European Stocks Open Steady as Automakers Slide, Miners Jump
(Bloomberg) -- European equities opened little changed as automakers fell after car sales in China continued to decline in January and miners advanced on positive trade negotiation reports.
The Stoxx Europe 600 Index was steady at the open. U.S. markets are shut for the President’s Day holiday today, which signals lower global trading volumes. The FTSE 100 Index was down less than 0.1 percent as U.K. Prime Minister Theresa May leads a major diplomatic drive to persuade European Union leaders to save her Brexit agreement. Reckitt Benckiser Group Plc surged 3.4 percent after the company forecast a likely increase in comparable sales growth this year.

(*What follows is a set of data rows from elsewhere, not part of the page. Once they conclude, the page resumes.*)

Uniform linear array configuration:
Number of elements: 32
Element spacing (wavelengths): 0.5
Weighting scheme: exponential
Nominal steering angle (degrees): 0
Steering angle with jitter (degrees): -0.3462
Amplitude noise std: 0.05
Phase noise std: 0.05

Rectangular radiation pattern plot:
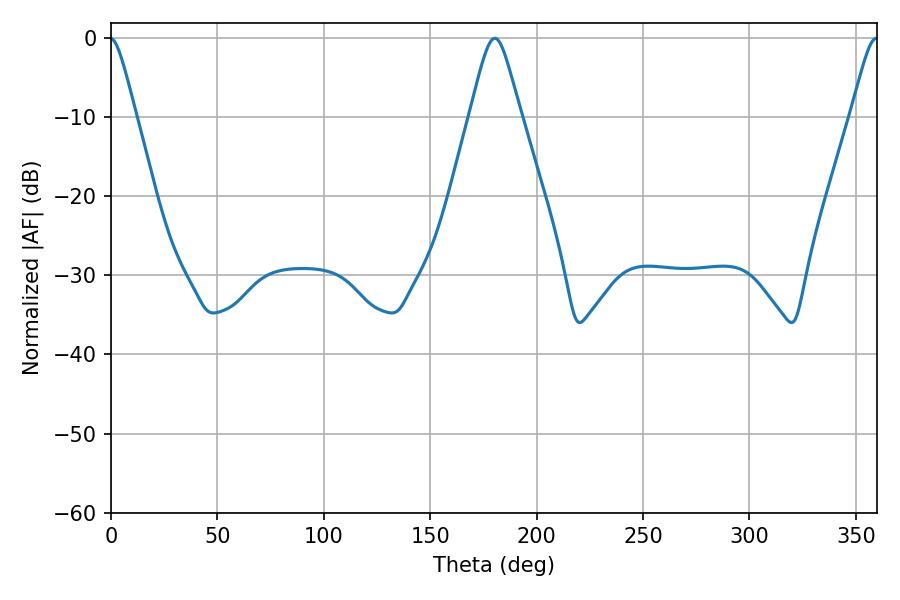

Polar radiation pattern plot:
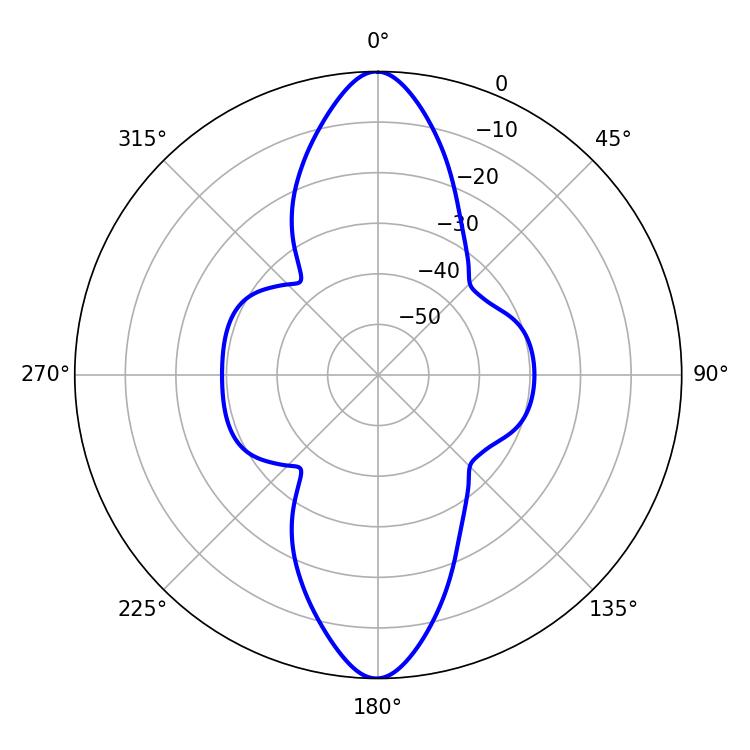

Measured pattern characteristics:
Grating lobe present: FALSE
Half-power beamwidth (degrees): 11.52
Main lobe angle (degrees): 180.36

Investors continue to carefully watch trade news after last week’s positive reports that the U.S. and China had reached consensus in principle on the main topics of their negotiations ahead of talks that resume in Washington this week. European equities have had a stellar start to the year with a 9.3 percent rally through the end of last week as the dovish Federal Reserve coupled with optimism over tariff talks fueled the appetite of investors. Yet, outflows from the region’s stock funds continue, with last week’s exit marking the second-largest in history.
“European equity markets have little new corporate data to grapple with this morning and with the inevitable lack of U.S.-linked liquidity are primed for a dull day,” said Chris Bailey, a European strategist at Raymond James. “With the American and Canadian markets closed today, it is all about various important and potentially influential ongoing talks and discussions for the global financial markets.”